Third Guide to the Cloud from the CSCC
The Cloud Standards Customer Council (CSCC) published on April 2 its third guide to help potential adopters of cloud solutions. Titled "Cloud Service Agreements: What to Expect and What to Negotiate," the new guide analyzes the terms that cloud providers tend to impose on their clients in various contractual documents, and suggests areas where a customer can request more balanced language.
This guide complements the "Practical Guide to Cloud Computing" published in 2011 and the "Practical Guide to Cloud SLAs" issued in 2012. All three documents are free. The newest guide is here. A webinar will be held on April 25 to present the guide -- see the CSCC Web site for more details.
Did You Miss SxSW?
If you see these letters and pronounce them "ess-eks-ess-double-U,' then you probably didn't miss the event. South-by-Southwest is the annual geek fest held in Austin, Texas. It started as a music and video convention, and now includes a significant interactive media, Web design and e-commerce sub-event, SXSW Interactive, held this year in early March. If you want to sound cool, call it just "South-by," as the locals do.

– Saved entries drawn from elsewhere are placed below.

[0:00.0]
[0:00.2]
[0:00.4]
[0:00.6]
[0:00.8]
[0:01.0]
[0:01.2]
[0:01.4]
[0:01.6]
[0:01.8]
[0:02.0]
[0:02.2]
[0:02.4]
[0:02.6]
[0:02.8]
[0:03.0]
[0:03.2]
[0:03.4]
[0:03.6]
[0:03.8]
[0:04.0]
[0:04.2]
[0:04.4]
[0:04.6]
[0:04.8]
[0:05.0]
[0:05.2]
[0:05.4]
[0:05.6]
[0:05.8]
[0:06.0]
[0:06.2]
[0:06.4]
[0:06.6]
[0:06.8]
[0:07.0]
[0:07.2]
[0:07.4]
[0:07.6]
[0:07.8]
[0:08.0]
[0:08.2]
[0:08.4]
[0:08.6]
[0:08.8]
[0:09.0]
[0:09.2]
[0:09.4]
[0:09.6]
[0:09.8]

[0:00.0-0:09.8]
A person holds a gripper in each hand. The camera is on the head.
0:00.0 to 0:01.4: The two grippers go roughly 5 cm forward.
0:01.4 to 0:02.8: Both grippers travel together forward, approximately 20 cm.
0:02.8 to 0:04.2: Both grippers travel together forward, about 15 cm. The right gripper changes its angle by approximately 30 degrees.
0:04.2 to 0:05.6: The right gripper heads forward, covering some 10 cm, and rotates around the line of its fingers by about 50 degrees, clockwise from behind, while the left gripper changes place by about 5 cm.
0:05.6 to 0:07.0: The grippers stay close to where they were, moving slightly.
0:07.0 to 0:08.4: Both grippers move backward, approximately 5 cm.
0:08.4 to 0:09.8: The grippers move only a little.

Many new e-everything ideas are first disclosed at SxSW, but the smorgasbord of information (from people who want to convince venture capitalists that they just founded the next Google or the next Facebook) is of unequal quality. Thus warned, you can now pick and choose which of the 89 presentations on Slideshare you want to watch and find out what the buzz is all about.

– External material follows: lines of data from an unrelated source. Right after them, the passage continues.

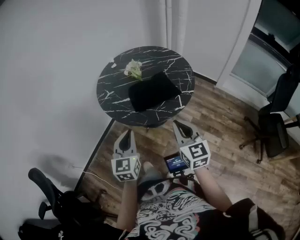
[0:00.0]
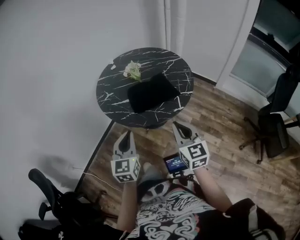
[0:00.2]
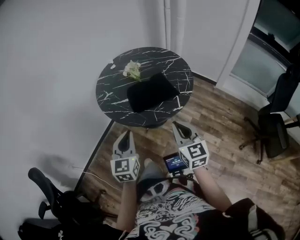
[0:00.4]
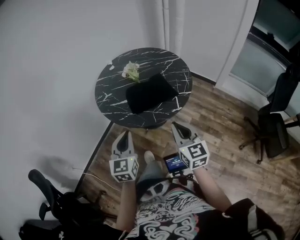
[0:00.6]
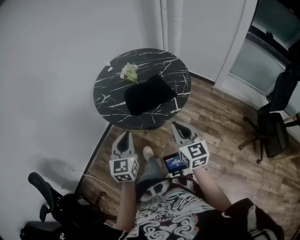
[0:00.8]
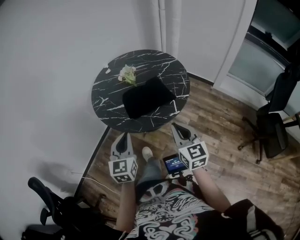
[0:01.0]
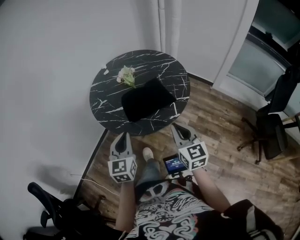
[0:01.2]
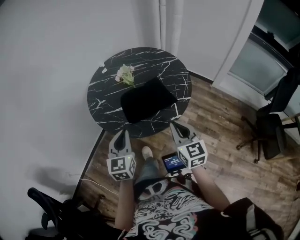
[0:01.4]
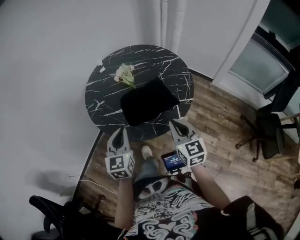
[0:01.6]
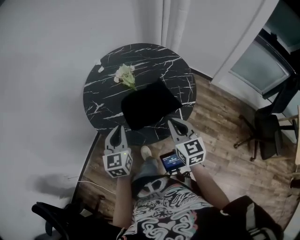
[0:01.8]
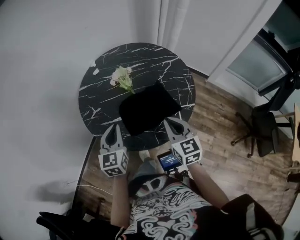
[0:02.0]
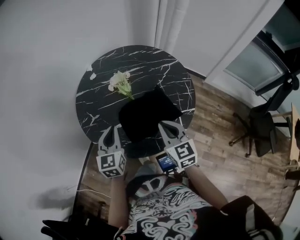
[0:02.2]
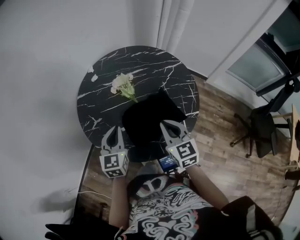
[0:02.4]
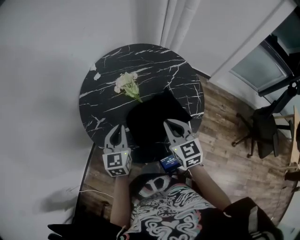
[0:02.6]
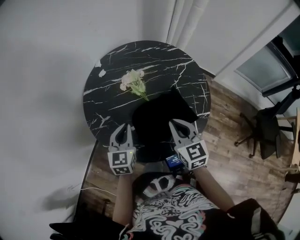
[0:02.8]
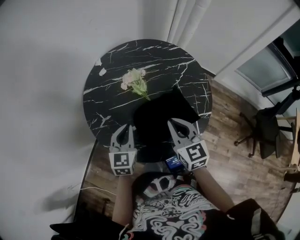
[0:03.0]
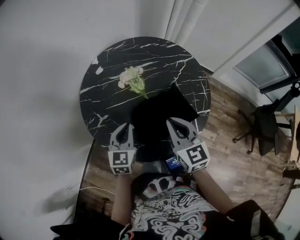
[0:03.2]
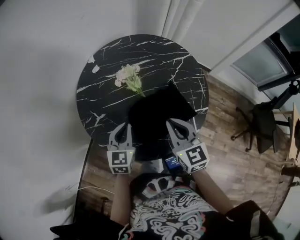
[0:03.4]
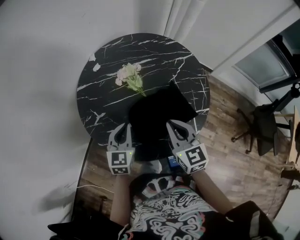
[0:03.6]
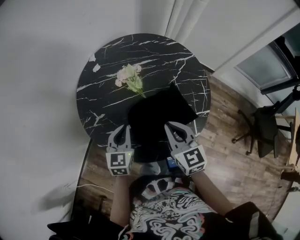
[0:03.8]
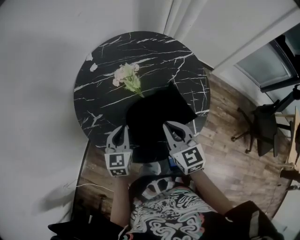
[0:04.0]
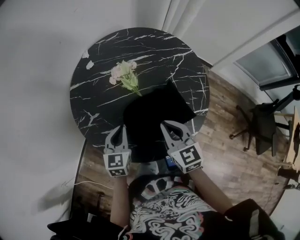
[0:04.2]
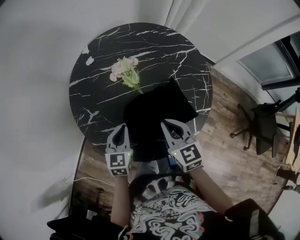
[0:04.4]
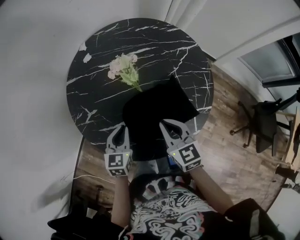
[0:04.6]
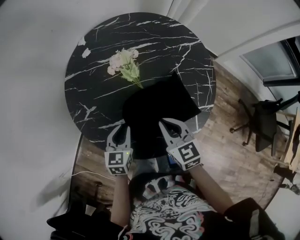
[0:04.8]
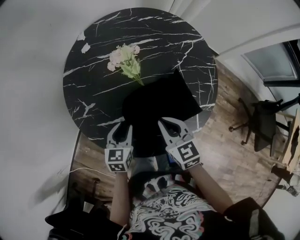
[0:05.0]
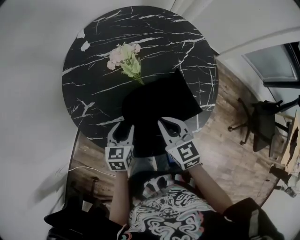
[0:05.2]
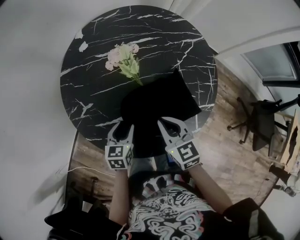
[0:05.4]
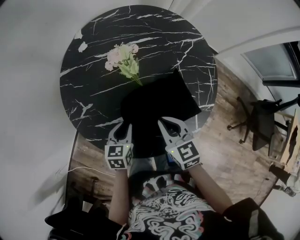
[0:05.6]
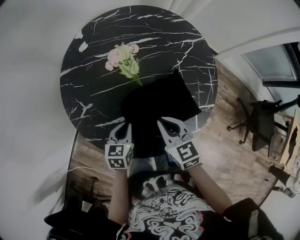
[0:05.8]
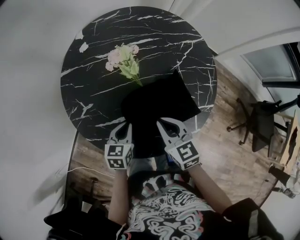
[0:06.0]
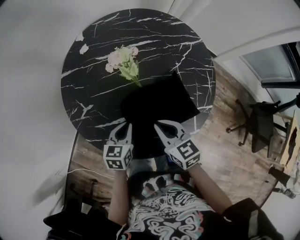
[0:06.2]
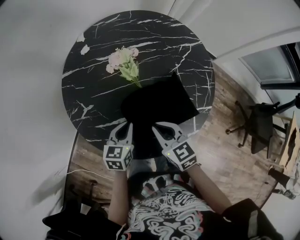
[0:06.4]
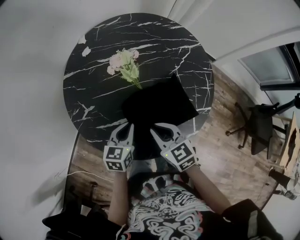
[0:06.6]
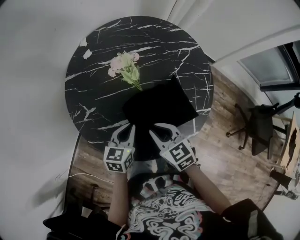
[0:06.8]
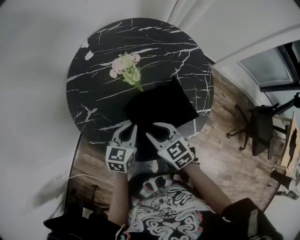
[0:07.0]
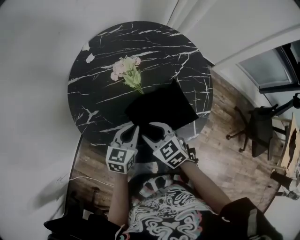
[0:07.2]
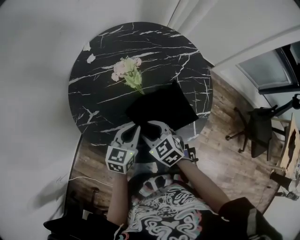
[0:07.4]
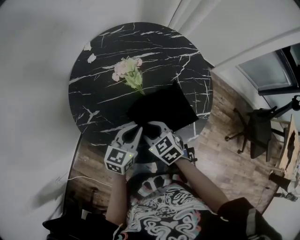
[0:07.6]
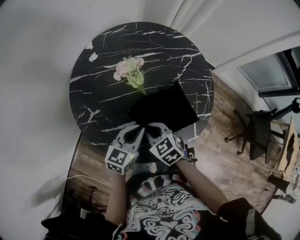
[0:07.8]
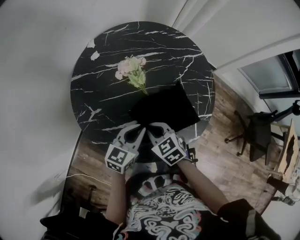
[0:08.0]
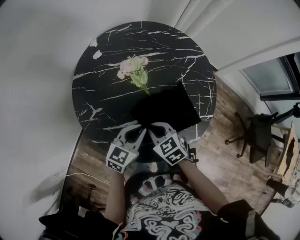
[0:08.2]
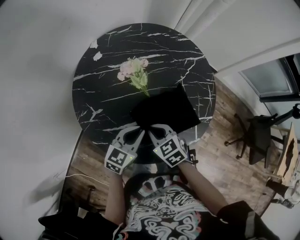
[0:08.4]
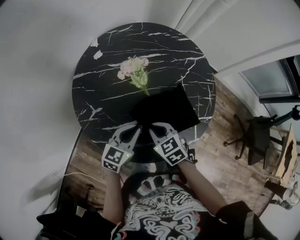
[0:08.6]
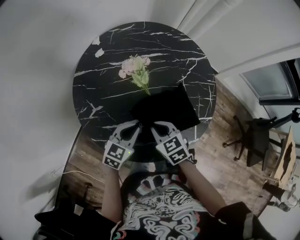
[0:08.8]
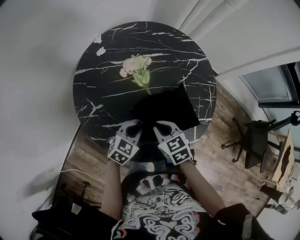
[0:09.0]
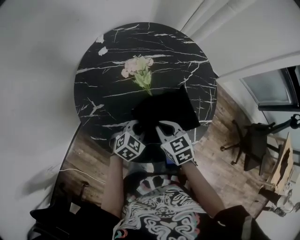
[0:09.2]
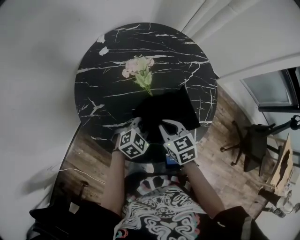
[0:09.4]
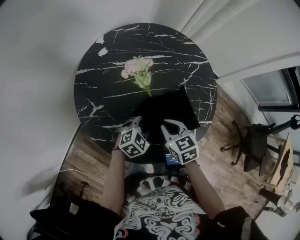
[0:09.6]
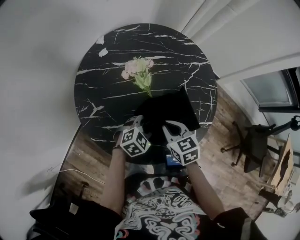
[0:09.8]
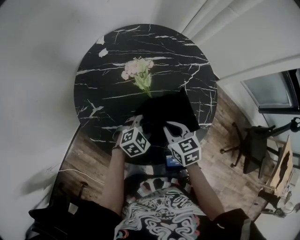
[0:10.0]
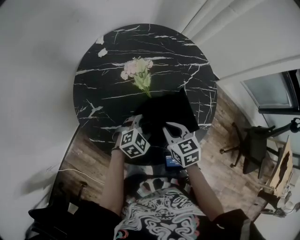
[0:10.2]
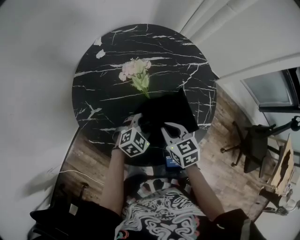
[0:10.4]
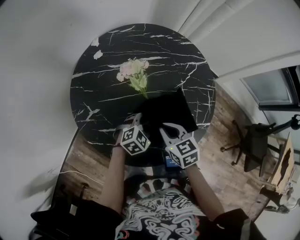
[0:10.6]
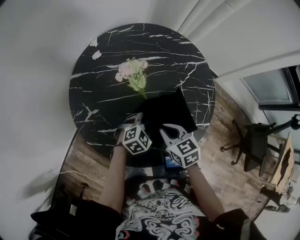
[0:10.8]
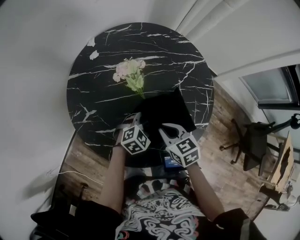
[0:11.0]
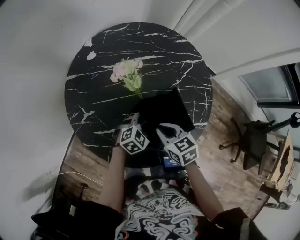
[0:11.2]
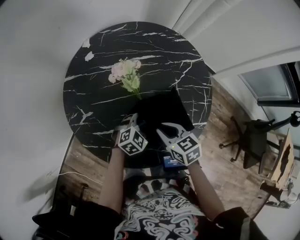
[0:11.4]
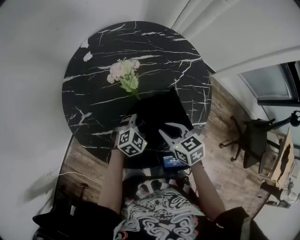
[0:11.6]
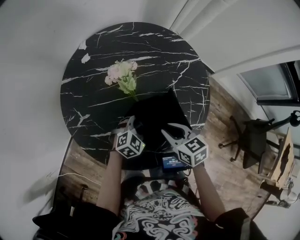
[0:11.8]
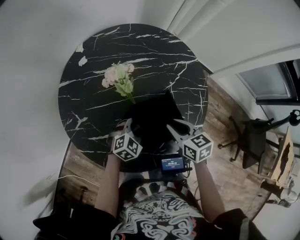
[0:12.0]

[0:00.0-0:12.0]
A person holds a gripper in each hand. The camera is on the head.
0:00.0 to 0:01.6: The grippers both shift forward by roughly 15 cm.
0:01.6 to 0:03.0: The right gripper is displaced forward and to the left by about 20 cm, while the left gripper goes roughly 20 cm forward.
0:03.0 to 0:04.4: Both grippers move downward, roughly 5 cm.
0:04.4 to 0:06.0: The grippers both shift downward by roughly 5 cm. The left gripper opens, then closes once more.
0:06.0 to 0:07.6: The right gripper travels to the left by approximately 5 cm, swivels some 20 degrees, and opens its fingers. The left gripper moves upward, roughly 10 cm, and turns by about 20 degrees.
0:07.6 to 0:09.0: The left gripper shifts approximately 5 cm downward, and changes its angle by roughly 20 degrees, while the right gripper closes up.
0:09.0 to 0:10.4: The left gripper heads to the right, covering roughly 5 cm, and opens up.
0:10.4 to 0:12.0: The right gripper moves to the right, approximately 10 cm.

"Wired" Misses a Connection?
In "Tech Titans Plot to Reprogram Internet of the Future" (April 8), Wired discussed the Open Daylight project for software-defined networks (SDN), which is backed by Cisco and Microsoft among others. It omitted a mention of an effort unveiled a few weeks earlier, an SDN specification effort within the Object Management Group (OMG), spearheaded by Dell and now chaired by a Dell person.
One cannot help suspecting that the Open Daylight announcement was a reaction to the Dell initiative, given the chronology. We shall see how this plays out; we don't need two competing efforts that ignore each other. And we don't need a technology publication that only reports one half of the story.
Seen Recently...

"...real agile teams use highly disciplined, state-of-the-art engineering approaches..." 

-- Jens Coldewey, it-agile, in a recent Cutter report 

"What you don't notice has as much to do wiyj your success as a manager as what you notice."